Ellerimle yazarak öğrenmeye başladım
'Yabancı dillere ilgisini her zaman koruduğunu anlatan Cuma Turhan, Aramice ve Rumca öğrenmek istediğini dile getirdi. Yabancı dile ilgisinin Ürgüp'teyken başladığını söyleyen Turhan, "Ürgüp turizm bölgesiydi. Çok ilgimi çekti. Ben hayatımda hiç turist görmemiştim. Orada Japonlarla tanıştım. Çalıştığım yerde yattım, sandalyelerin üzerinde. Kış olduğunda da pide fırını üzerinde yatıyordum. Bulaşık yıkarken garsonun yemekleri anlatışını duydum ve çok heveslendim. İçimde bir kıvılcım patladı. Gizli gizli onları seyrederek, 'Bu ne demek' diye, ellerime tek tek yazarak öğrenmeye başladım" dedi.

'Elimden gelse 20 - 30 dil öğrenmek isterim'
Antalya'da çalışmaya başladığı dönemlerde turistleri gördüğünde çok heyecanlandığını ve mutlu olduğunu aktaran Cuma Turhan, "Her gün çevremdeki insanlardan, 'Bu ne demek' diye diye İngilizce, Almanca, İsveççe, Norveççe, hep meraklıydım, hep öğrendim. Hala da öğreniyorum. Dil deyince bana bir şey geliyor. Seviyorum. Elimden gelse 20- 30 dil öğrenmek isterim. Bir şeyi hedefliyorum, 'Bu İngilizce bana yeter' diyorum. Ondan sonra Almanca. Almanla evlilik yaptığım için o da etken oldu. Hollandaca, İsveççe, Norveççe derken, odaklanıyorum ve o dilden bilmediğim şeyleri çevreme soruyorum, akıllı telefondan kelime kelime öğreniyorum. Birkaç dilde zorlanıyorum. Rusçaya yatkın değilim. Ama Avrupa dillerine çok yatkınım. Almancayı öğrendiğiniz zaman Hollandacayı anlayabiliyorsunuz. Türkçeyi bildikten sonra Azerbaycanlılar ve Kırgızlarla nasıl anlaşabiliyorsanız, her dilden sonra diğer diller daha kolaylaşıyor" diye konuştu. Kendisine göre en zor dilin Arapça olduğunu söyleyen Cuma Turhan, "Hollandalılar gırtlaktan konuşur, İtalyanlar müzik gibi, kulağa hoş gelir. Arapça ve Rusça biraz zordur" dedi.

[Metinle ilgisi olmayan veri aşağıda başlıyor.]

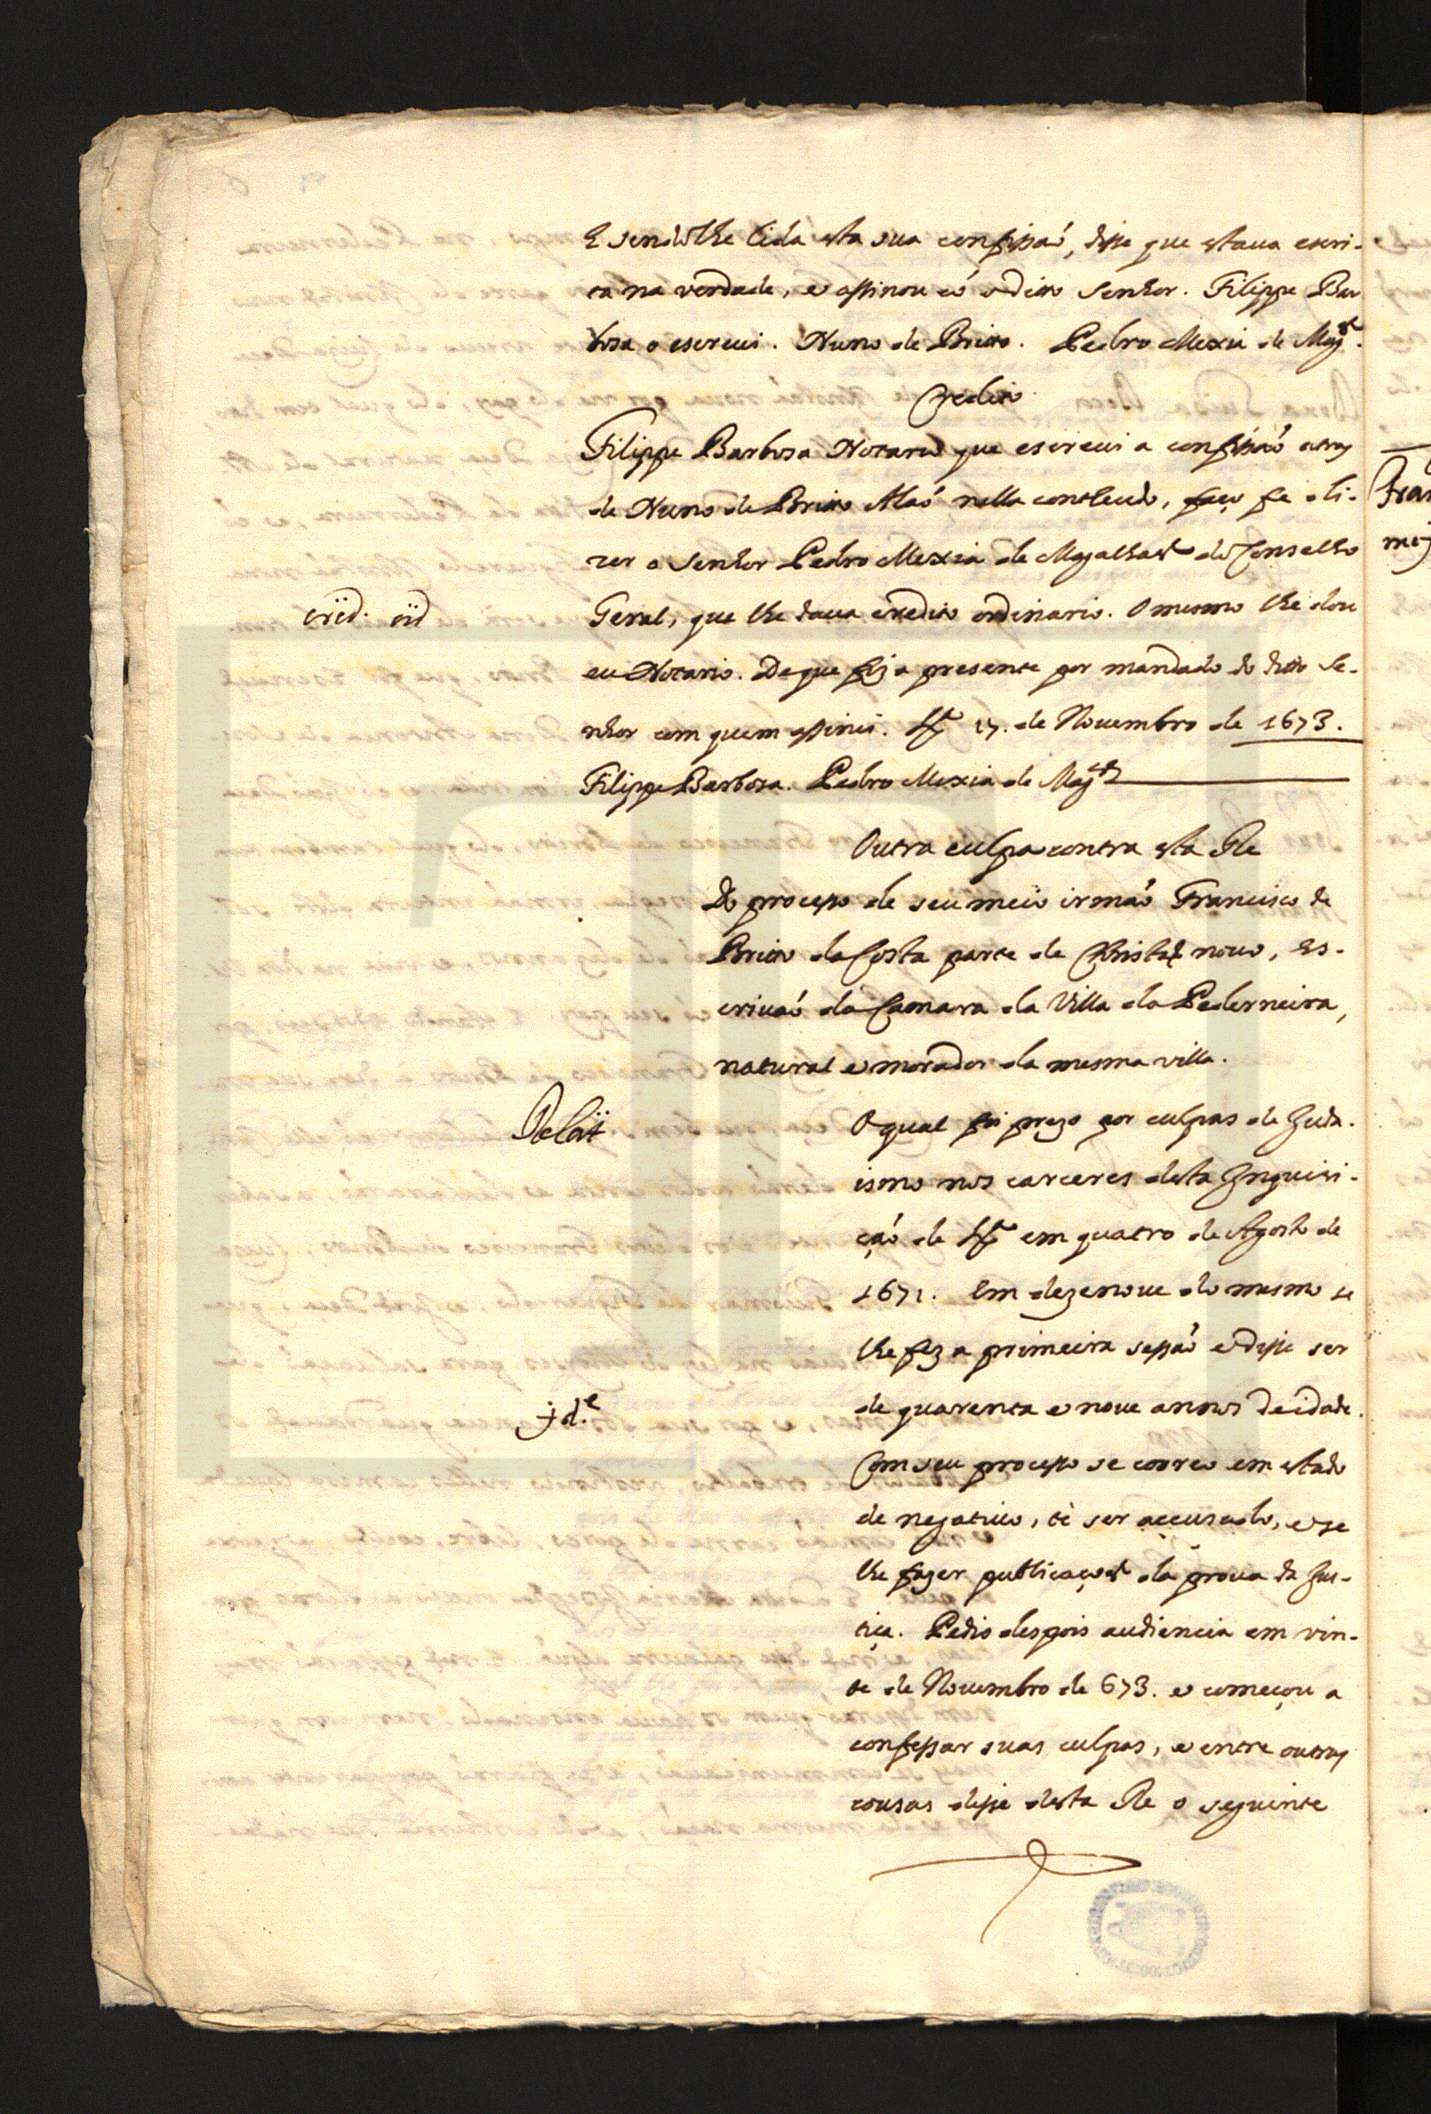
e sendo lhe lida esta confissaõ, disse que estaua escri
ta na verdade, e assinou cō o ditto Senhor. Filippe Bar
bosa o escrevi. Nuno de Britto. Pedro Mexia de Mag.s
Credito
Filippe Barbosa notario que escreui a confissaõ atras
de Nuno de Britto Alaõ nella contheudo, faço fe di
zer o Senhor Pedro Mexia de Magalhaes do Conselho
Geral, que lhe daua credito ordinario. O mesmo lhe dou
eu Notario, De que fiz a presente por mandado do ditto se
nhor com quem assinei. Lxa 17. de Nouembro de 1673.
Filippe Barbosa. Pedro Mexia de Mages
Outra culpa contra esta Re
Do processo de seu meio irmaõ Francisco de
Britto da Costa parte de Christaõ nouo, es
criuaõ da Camara da Villa da Pederneira
natural e morador da mesma villa
O qual foi prezo por culpas de Juda
ismo nos carceres desta Jnquisi
çaõ de Lxa em quatro de Agosto de
1671. em dezenove do mesmo se
lhe fez a primeira sessaõ e disse ser
de quarenta e noue annos de idade
Com seu processo se correo em estado
de negatiuo, té ser accusado, e se
lhe fazer publicaçoes da proua da Jus
tiça. Pedio despois audiencia em vin
te de Nouembro de 673. e começou a
confessar suas culpas, e entre outras
cousas disse desta Re o seguinte

'Öğrenmeye devam ediyorum'
'Boş vakitlerinde genel kültür araştırmaları yapmayı tercih ettiğini, film izlemek yerine belgeseller ve tarihi konulara yöneldiğini söyleyen Cuma Turhan, internet üzerinden dünya mutfaklarını, gelenekleri ve kültürel alışkanlıkları keşfetmeye devam ettiğini belirterek, "Çin'in sokak yemeklerinden Urfa'nın geleneksel lezzetlerine kadar farklı mutfaklara merakım var. Öğrenmeye devam ediyorum" dedi. İş arkadaşı ise Cuma Turhan'ın dil konusunda çok meraklı olduğunu belirtirken, her dili öğrenmek istediğini, kendilerinden de destek istediğini anlattı.